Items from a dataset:
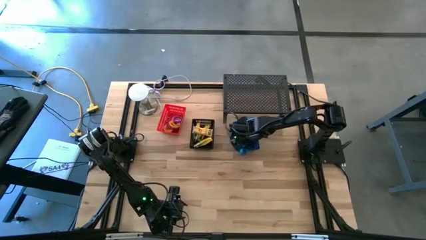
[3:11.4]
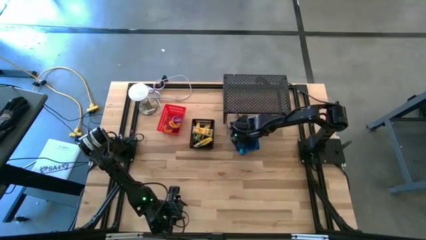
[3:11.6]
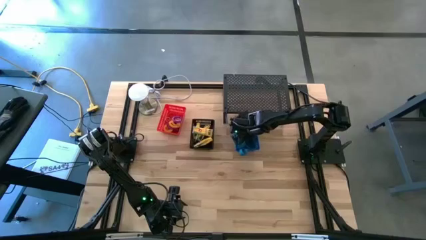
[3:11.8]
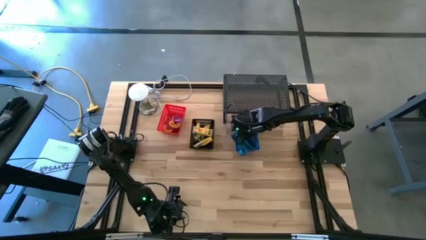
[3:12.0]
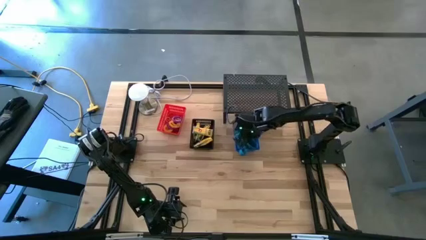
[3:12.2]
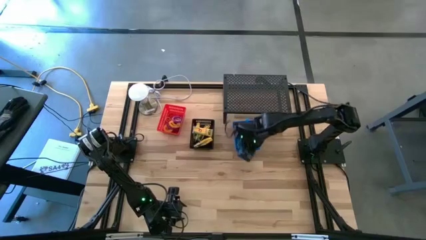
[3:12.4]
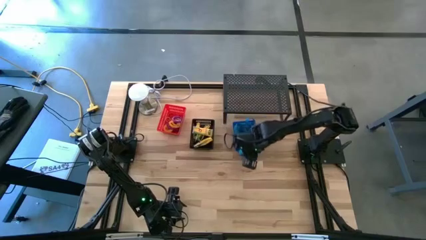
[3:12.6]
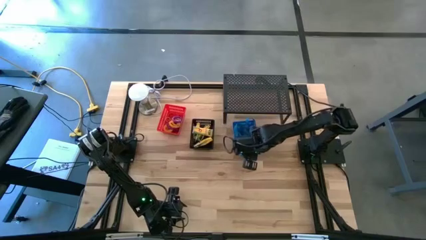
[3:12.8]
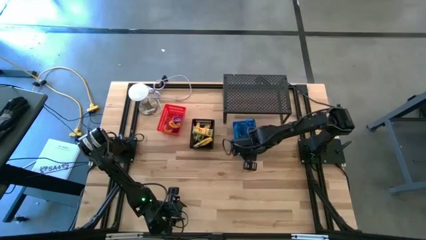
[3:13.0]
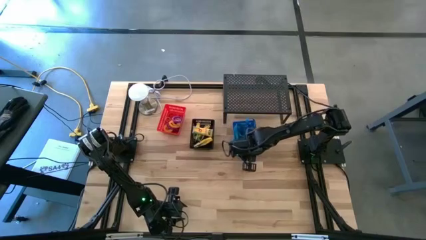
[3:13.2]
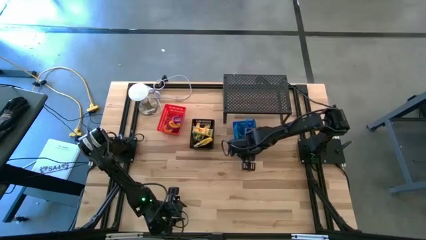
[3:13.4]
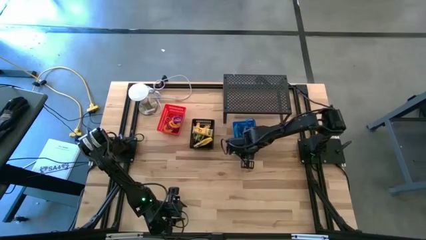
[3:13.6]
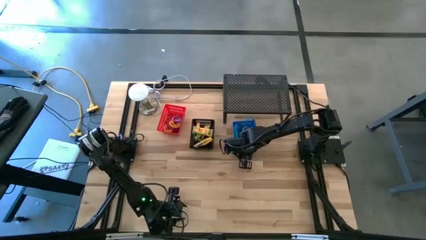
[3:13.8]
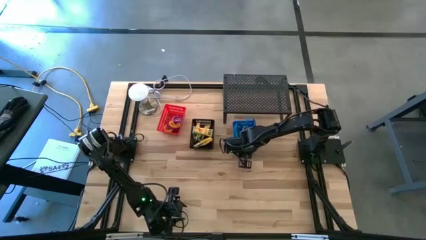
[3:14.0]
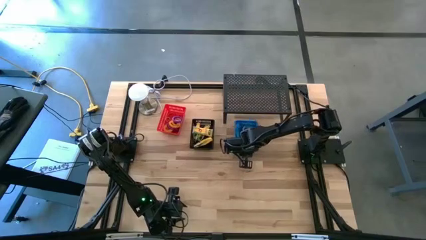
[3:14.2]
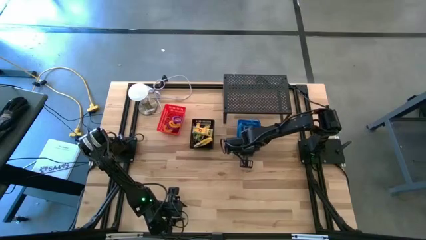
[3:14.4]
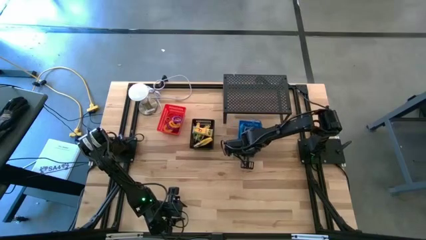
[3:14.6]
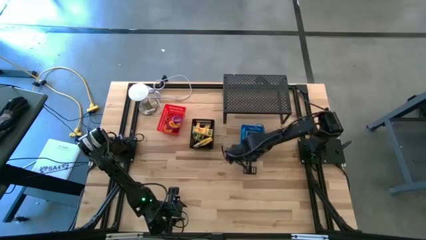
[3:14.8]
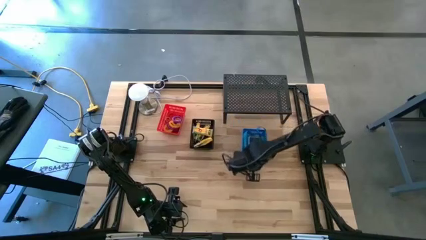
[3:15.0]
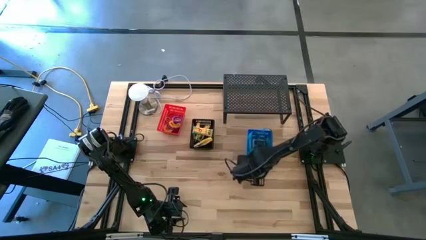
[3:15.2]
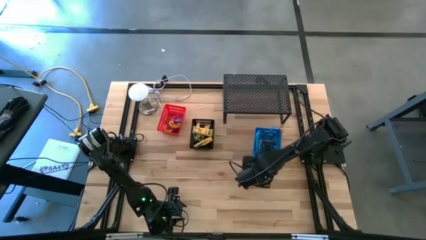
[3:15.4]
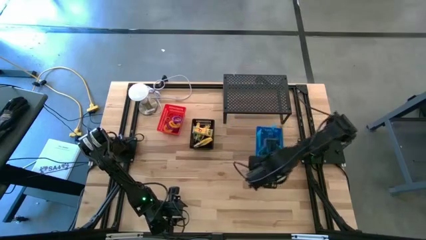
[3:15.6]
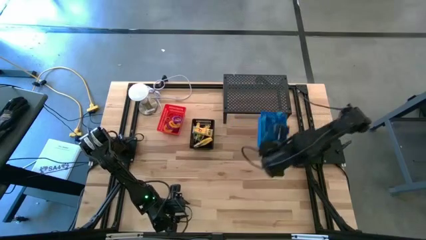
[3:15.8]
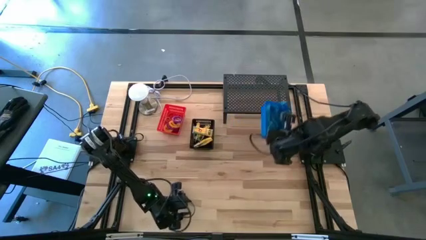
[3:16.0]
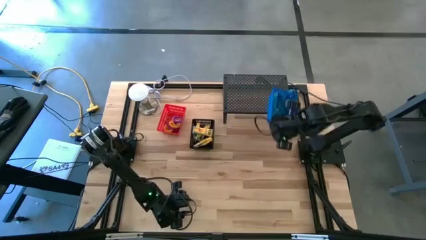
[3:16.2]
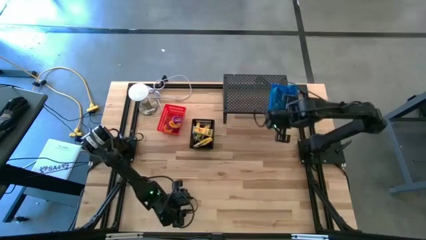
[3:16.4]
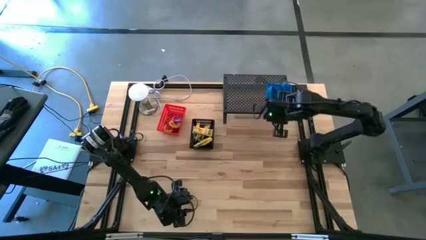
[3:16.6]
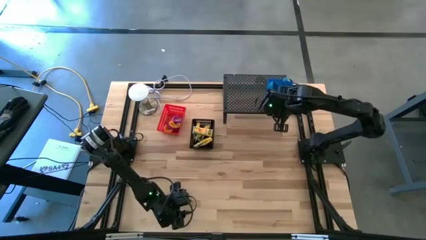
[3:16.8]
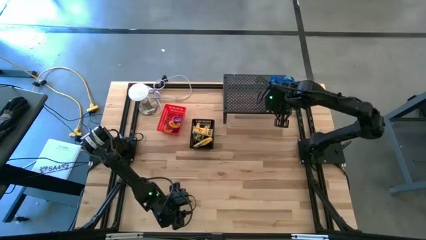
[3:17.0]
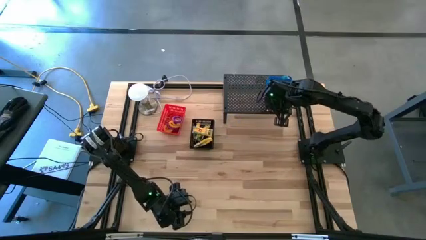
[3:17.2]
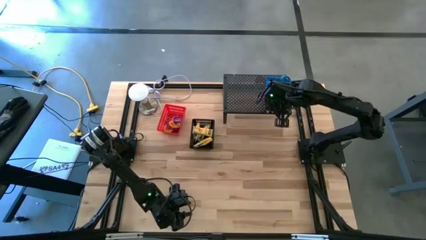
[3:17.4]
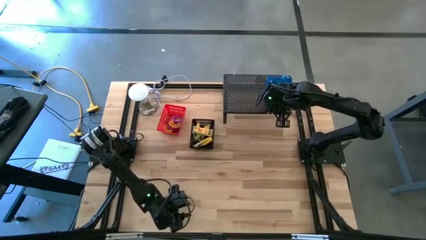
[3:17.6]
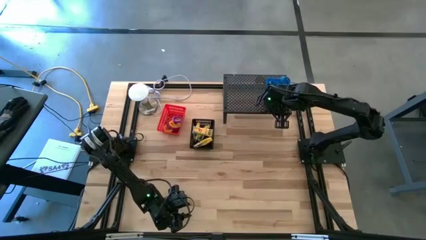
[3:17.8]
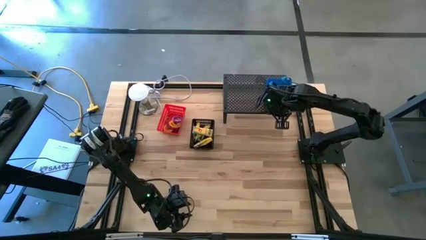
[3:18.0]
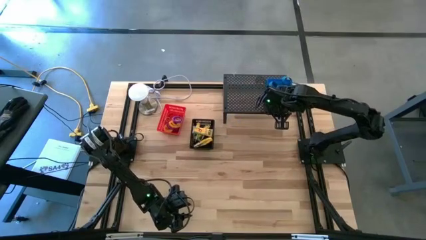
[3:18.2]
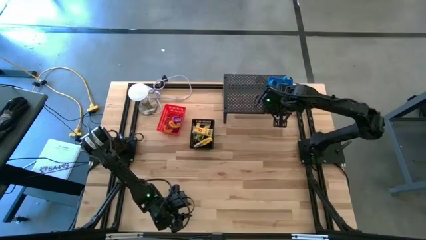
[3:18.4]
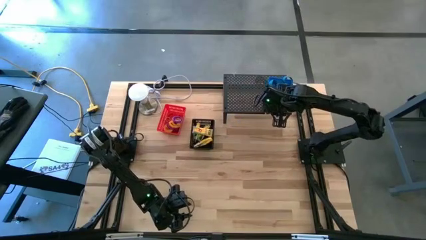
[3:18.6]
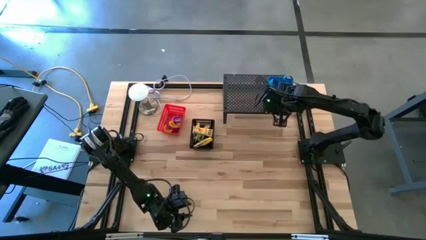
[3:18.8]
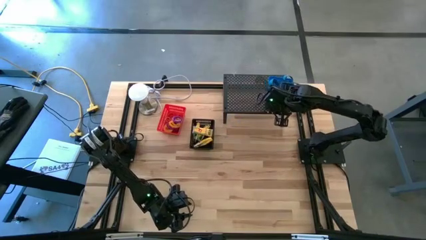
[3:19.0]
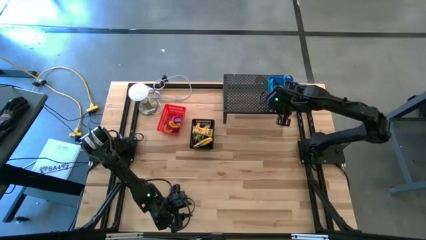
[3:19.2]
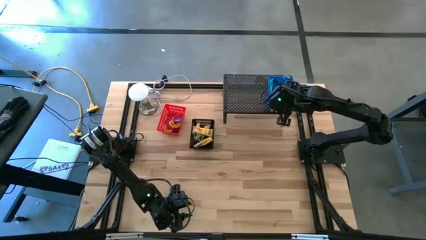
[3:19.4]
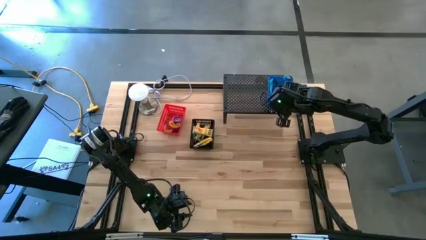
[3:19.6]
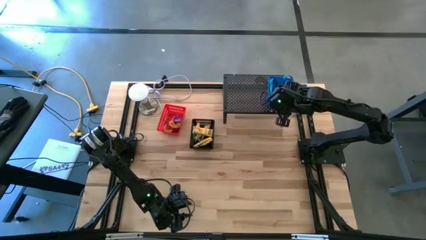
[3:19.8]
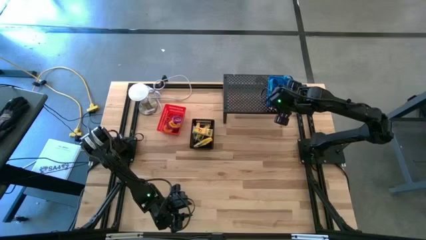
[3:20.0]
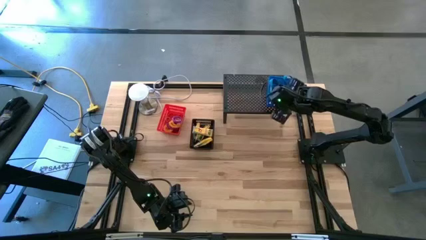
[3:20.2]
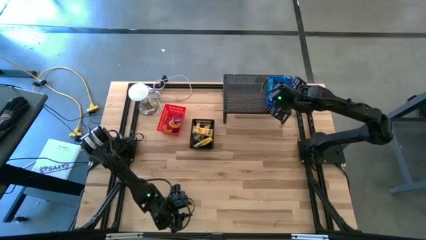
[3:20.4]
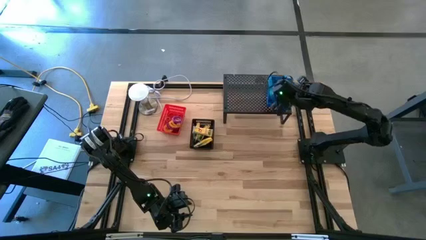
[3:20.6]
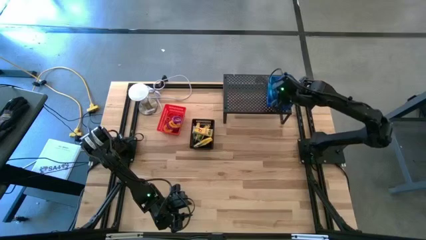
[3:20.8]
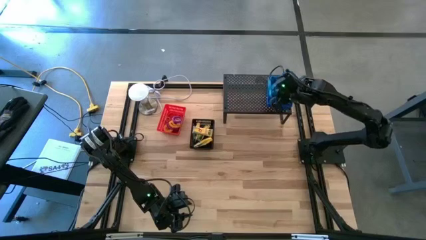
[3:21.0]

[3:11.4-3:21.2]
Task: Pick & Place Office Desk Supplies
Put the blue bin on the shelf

YOUR INSTRUCTIONS:
Return every record exactly, leaving out the pictures.

RESPONSE:
[3:11.4]
[3:11.6]
[3:11.8]
[3:12.0]
[3:12.2]
[3:12.4]
[3:12.6]
[3:12.8]
[3:13.0]
[3:13.2]
[3:13.4]
[3:13.6]
[3:13.8]
[3:14.0]
[3:14.2]
[3:14.4]
[3:14.6]
[3:14.8]
[3:15.0]
[3:15.2]
[3:15.4]
[3:15.6]
[3:15.8]
[3:16.0]
[3:16.2]
[3:16.4]
[3:16.6]
[3:16.8]
[3:17.0]
[3:17.2]
[3:17.4]
[3:17.6]
[3:17.8]
[3:18.0]
[3:18.2]
[3:18.4]
[3:18.6]
[3:18.8]
[3:19.0]
[3:19.2]
[3:19.4]
[3:19.6]
[3:19.8]
[3:20.0]
[3:20.2]
[3:20.4]
[3:20.6]
[3:20.8]
[3:21.0]

[3:11.4-3:21.2]
Task: Pick & Place Office Desk Supplies
Put the blue bin on the shelf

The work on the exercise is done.